### WHAT TO WORK ON
From the records below, please repeat exactly the line that has "やはり「オミクロン株」という その特性をもっともっと理解して", the line that has "สวัสดีครับสวัส", and every line between them, and nothing else.

### PROVIDED DATA
- - - - -

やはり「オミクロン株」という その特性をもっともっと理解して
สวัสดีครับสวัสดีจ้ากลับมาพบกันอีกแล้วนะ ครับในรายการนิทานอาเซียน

- - - - -

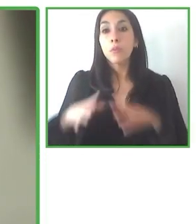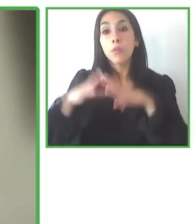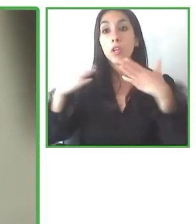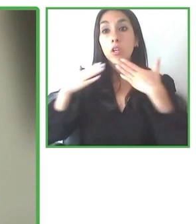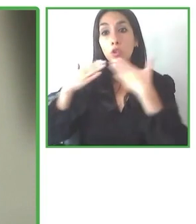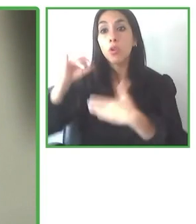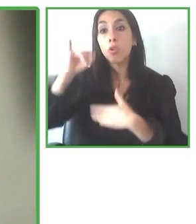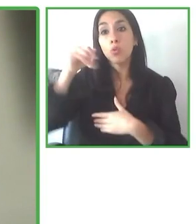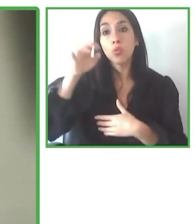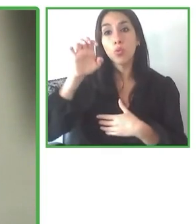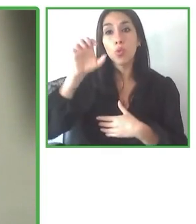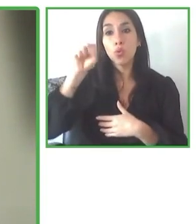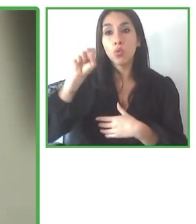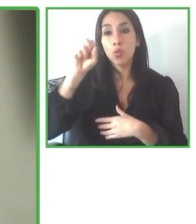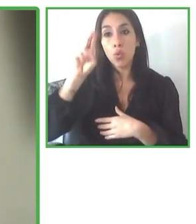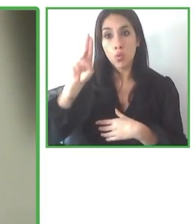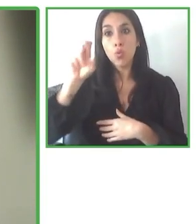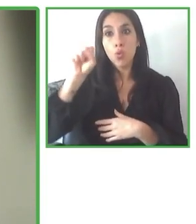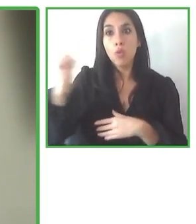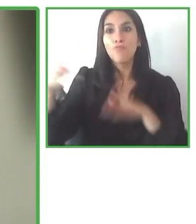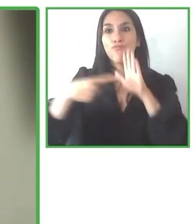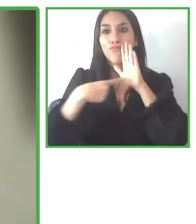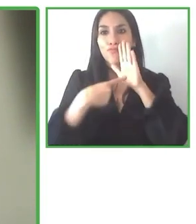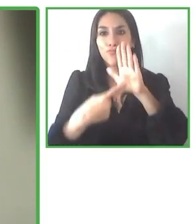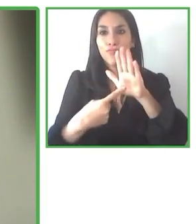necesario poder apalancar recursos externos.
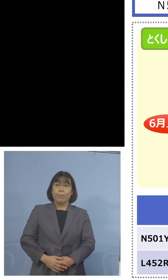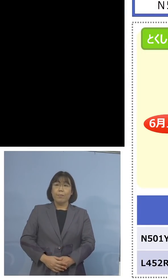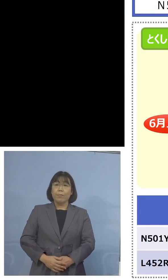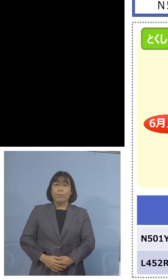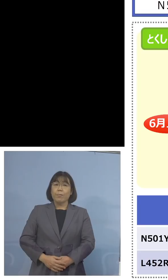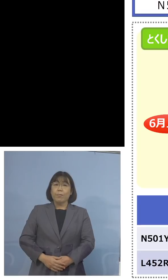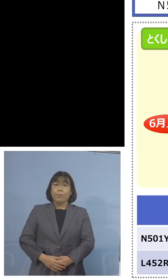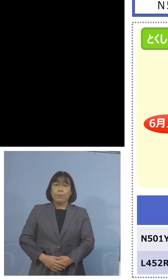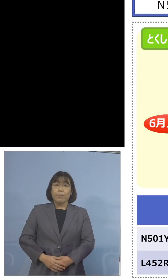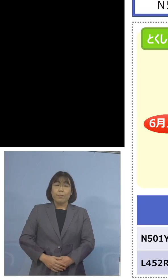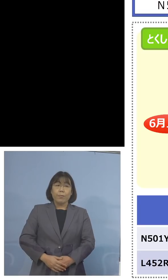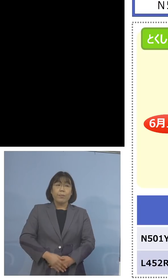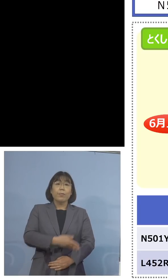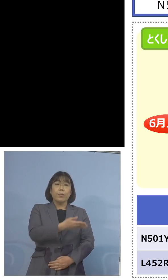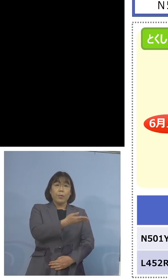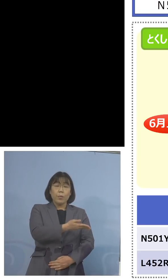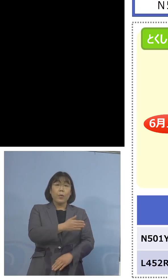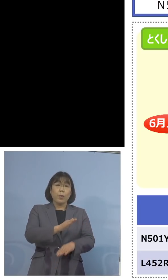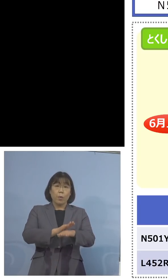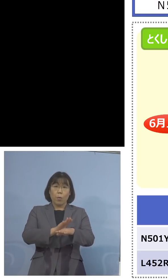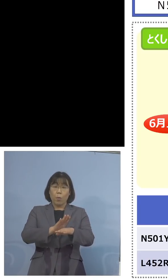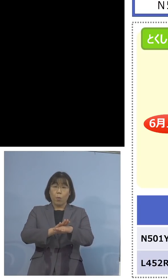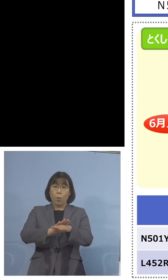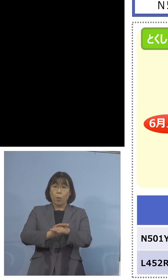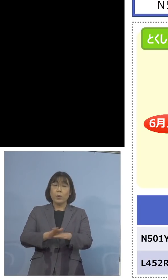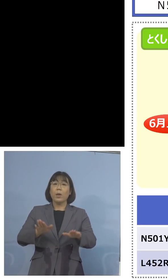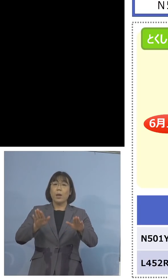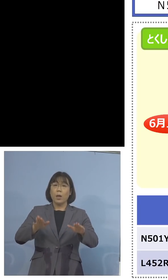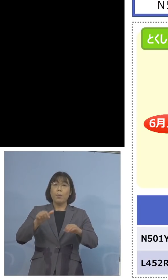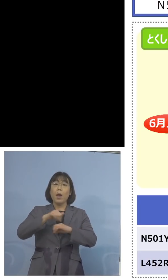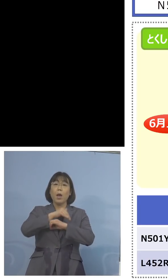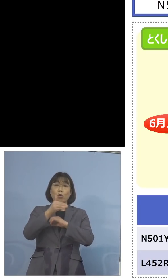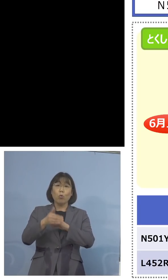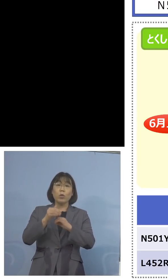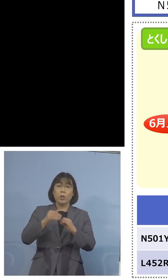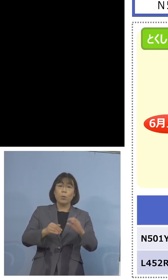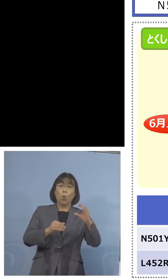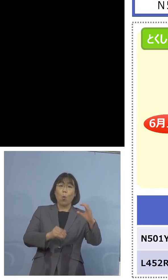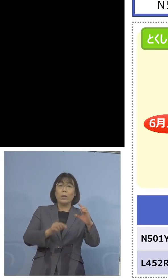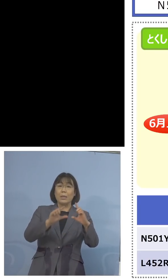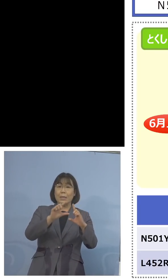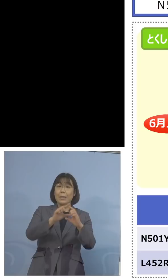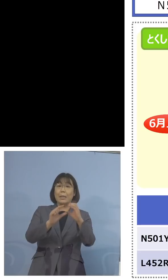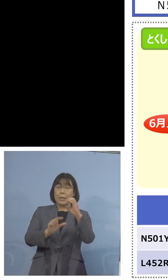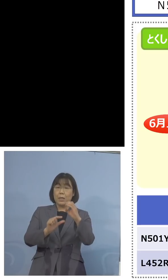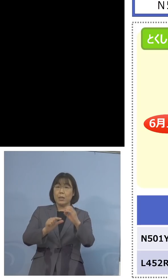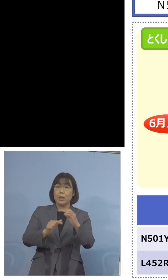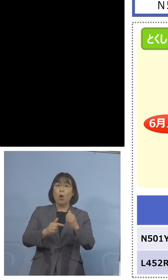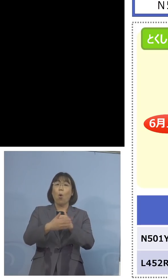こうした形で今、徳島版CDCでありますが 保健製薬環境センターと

- - - - -

### RESULT OF THE TASK
やはり「オミクロン株」という その特性をもっともっと理解して
สวัสดีครับสวัสดีจ้ากลับมาพบกันอีกแล้วนะ ครับในรายการนิทานอาเซียน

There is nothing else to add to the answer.